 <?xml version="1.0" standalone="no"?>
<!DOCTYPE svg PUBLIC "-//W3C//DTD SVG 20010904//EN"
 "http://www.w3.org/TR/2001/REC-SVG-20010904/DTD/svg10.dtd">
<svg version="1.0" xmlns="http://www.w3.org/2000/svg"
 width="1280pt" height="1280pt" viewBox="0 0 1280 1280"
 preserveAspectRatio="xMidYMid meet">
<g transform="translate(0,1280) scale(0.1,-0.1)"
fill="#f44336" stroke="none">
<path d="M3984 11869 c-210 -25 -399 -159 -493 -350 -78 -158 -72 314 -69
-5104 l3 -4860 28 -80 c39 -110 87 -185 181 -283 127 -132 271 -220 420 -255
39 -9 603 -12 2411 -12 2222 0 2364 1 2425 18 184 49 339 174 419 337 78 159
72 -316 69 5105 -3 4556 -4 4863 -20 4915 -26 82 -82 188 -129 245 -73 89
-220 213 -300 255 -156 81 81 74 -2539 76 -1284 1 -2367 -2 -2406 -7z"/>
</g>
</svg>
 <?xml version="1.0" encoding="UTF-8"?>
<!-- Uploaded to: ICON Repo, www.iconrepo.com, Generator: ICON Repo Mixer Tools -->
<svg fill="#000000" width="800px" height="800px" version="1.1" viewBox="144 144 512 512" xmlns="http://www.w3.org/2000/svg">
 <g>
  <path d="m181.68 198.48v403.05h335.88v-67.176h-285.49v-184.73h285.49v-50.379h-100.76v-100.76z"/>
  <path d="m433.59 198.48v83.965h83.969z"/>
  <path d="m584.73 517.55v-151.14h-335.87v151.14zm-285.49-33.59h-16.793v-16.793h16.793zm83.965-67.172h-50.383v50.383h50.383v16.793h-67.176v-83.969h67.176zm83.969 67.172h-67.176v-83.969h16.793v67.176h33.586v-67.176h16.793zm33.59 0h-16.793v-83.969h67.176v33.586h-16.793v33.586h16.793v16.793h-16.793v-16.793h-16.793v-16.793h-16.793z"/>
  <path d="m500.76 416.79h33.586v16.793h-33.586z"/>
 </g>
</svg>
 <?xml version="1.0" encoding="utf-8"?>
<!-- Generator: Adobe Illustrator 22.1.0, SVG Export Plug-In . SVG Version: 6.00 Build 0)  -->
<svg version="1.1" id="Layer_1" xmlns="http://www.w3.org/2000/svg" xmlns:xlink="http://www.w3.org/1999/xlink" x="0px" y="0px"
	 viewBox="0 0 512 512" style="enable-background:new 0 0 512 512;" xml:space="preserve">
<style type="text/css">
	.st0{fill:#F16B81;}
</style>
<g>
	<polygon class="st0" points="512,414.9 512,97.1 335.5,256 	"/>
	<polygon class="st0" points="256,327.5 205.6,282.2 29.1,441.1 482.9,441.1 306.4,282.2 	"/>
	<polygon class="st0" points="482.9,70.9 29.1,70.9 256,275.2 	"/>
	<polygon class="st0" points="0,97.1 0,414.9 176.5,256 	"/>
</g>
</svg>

-------

§ **ASSIGNMENT**: Your response should be an exact copy of all the records.

§ **ANSWER**:
 <?xml version="1.0" standalone="no"?>
<!DOCTYPE svg PUBLIC "-//W3C//DTD SVG 20010904//EN"
 "http://www.w3.org/TR/2001/REC-SVG-20010904/DTD/svg10.dtd">
<svg version="1.0" xmlns="http://www.w3.org/2000/svg"
 width="1280pt" height="1280pt" viewBox="0 0 1280 1280"
 preserveAspectRatio="xMidYMid meet">
<g transform="translate(0,1280) scale(0.1,-0.1)"
fill="#f44336" stroke="none">
<path d="M3984 11869 c-210 -25 -399 -159 -493 -350 -78 -158 -72 314 -69
-5104 l3 -4860 28 -80 c39 -110 87 -185 181 -283 127 -132 271 -220 420 -255
39 -9 603 -12 2411 -12 2222 0 2364 1 2425 18 184 49 339 174 419 337 78 159
72 -316 69 5105 -3 4556 -4 4863 -20 4915 -26 82 -82 188 -129 245 -73 89
-220 213 -300 255 -156 81 81 74 -2539 76 -1284 1 -2367 -2 -2406 -7z"/>
</g>
</svg>
 <?xml version="1.0" encoding="UTF-8"?>
<!-- Uploaded to: ICON Repo, www.iconrepo.com, Generator: ICON Repo Mixer Tools -->
<svg fill="#000000" width="800px" height="800px" version="1.1" viewBox="144 144 512 512" xmlns="http://www.w3.org/2000/svg">
 <g>
  <path d="m181.68 198.48v403.05h335.88v-67.176h-285.49v-184.73h285.49v-50.379h-100.76v-100.76z"/>
  <path d="m433.59 198.48v83.965h83.969z"/>
  <path d="m584.73 517.55v-151.14h-335.87v151.14zm-285.49-33.59h-16.793v-16.793h16.793zm83.965-67.172h-50.383v50.383h50.383v16.793h-67.176v-83.969h67.176zm83.969 67.172h-67.176v-83.969h16.793v67.176h33.586v-67.176h16.793zm33.59 0h-16.793v-83.969h67.176v33.586h-16.793v33.586h16.793v16.793h-16.793v-16.793h-16.793v-16.793h-16.793z"/>
  <path d="m500.76 416.79h33.586v16.793h-33.586z"/>
 </g>
</svg>
 <?xml version="1.0" encoding="utf-8"?>
<!-- Generator: Adobe Illustrator 22.1.0, SVG Export Plug-In . SVG Version: 6.00 Build 0)  -->
<svg version="1.1" id="Layer_1" xmlns="http://www.w3.org/2000/svg" xmlns:xlink="http://www.w3.org/1999/xlink" x="0px" y="0px"
	 viewBox="0 0 512 512" style="enable-background:new 0 0 512 512;" xml:space="preserve">
<style type="text/css">
	.st0{fill:#F16B81;}
</style>
<g>
	<polygon class="st0" points="512,414.9 512,97.1 335.5,256 	"/>
	<polygon class="st0" points="256,327.5 205.6,282.2 29.1,441.1 482.9,441.1 306.4,282.2 	"/>
	<polygon class="st0" points="482.9,70.9 29.1,70.9 256,275.2 	"/>
	<polygon class="st0" points="0,97.1 0,414.9 176.5,256 	"/>
</g>
</svg>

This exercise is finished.